For a substance where ${\mu=9\times10^{-24}\mbox{ J T}^{-1}}$ (roughly one Bohr magneton) and where the dipoles are ${10^{-9}\mbox{ m}}$ apart, this gives an average field of (using ${\mu_{0}=4\pi\times10^{-7}}$ in SI units):

$\displaystyle B\approx\frac{3\left(10^{-7}\right)\left(9\times10^{-24}\right)}{\left(10^{-9}\right)^{3}}=2.7\times10^{-3}\mbox{ T} \ \ \ \ \ (5)$

If we start with an applied field of 1 T and then switch this field off under conditions as described above, the field is reduced by a factor of ${1/2.7\times10^{-3}=370}$, so the temperature would also be reduced by this factor.
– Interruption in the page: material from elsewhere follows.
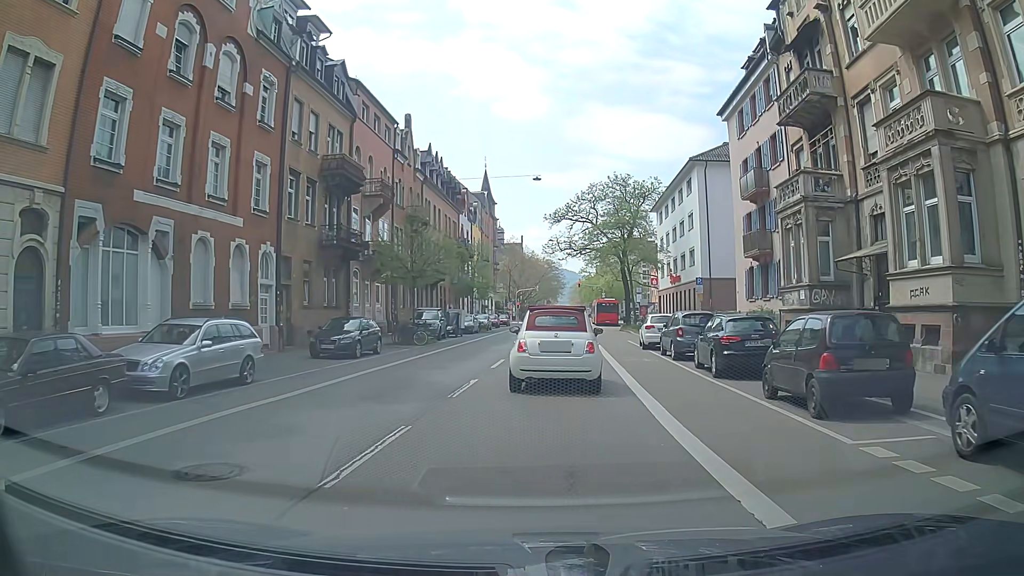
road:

If we started at room temperature of 300 K, the final temperature would therefore be under 1 K after switching off the field.

In practice, the cooling technique follows the dotted path shown on the entropy-temperature diagram:

The blue and red curves are plots of the entropy as a function of temperature, which we found earlier as:

$\displaystyle \frac{S}{Nk}=\ln\left(2\cosh\frac{1}{x}\right)-\frac{1}{x}\tanh\frac{1}{x} \ \ \ \ \ (6)$

where ${x=kT/\mu B}$.

The blue curve shows the entropy as a function of temperature for a low ${B}$ field; the red curve for a high ${B}$ field. The sample starts at a high temperature and low field, then is brought into contact with a thermal reservoir at the same temperature (to keep its temperature constant) while the field is increased, so we follow the vertical dashed line downwards. Then the sample is thermally insulated and the field is reduced back to the low value; the insulation ensures no heat flow, so ${S}$ remains constant.

The cooling process aims for the steepest part of the blue curve, since here the heat capacity is highest. From ${dU=TdS}$ (at constant volume) we have

$\displaystyle C_{V}=\frac{\partial U}{\partial T}=T\frac{\partial S}{\partial T} \ \ \ \ \ (7)$

A high heat capacity means that a relatively large amount of heat is required to change the temperature significantly, so at this point the system is least sensitive to heat leaking in from outside.

We can find the steepest point on the entropy-temperature plot by taking the second derivative of 6 with respect to ${T}$ and setting to zero. This can’t be solved analytically, but using Maple to get a numerical solution, we find that (for the blue curve)

$\displaystyle x=0.617 \ \ \ \ \ (8)$

At this point, using the dipole field 5, we have a temperature of

$\displaystyle T=\frac{\mu Bx}{k}=\frac{\left(9\times10^{-24}\right)\left(2.7\times10^{-3}\right)\left(0.617\right)}{1.38\times10^{-23}}=0.001\mbox{ K} \ \ \ \ \ (9)$

Thus using this technique, we should be able to achieve a temperature of around 1 mK. Going much lower would require lowering the horizontal dashed line in the plot down to near the horizontal axis where ${\frac{\partial S}{\partial T}}$ becomes very small since the graph flattens out here. This would cause heat leaks to be very significant.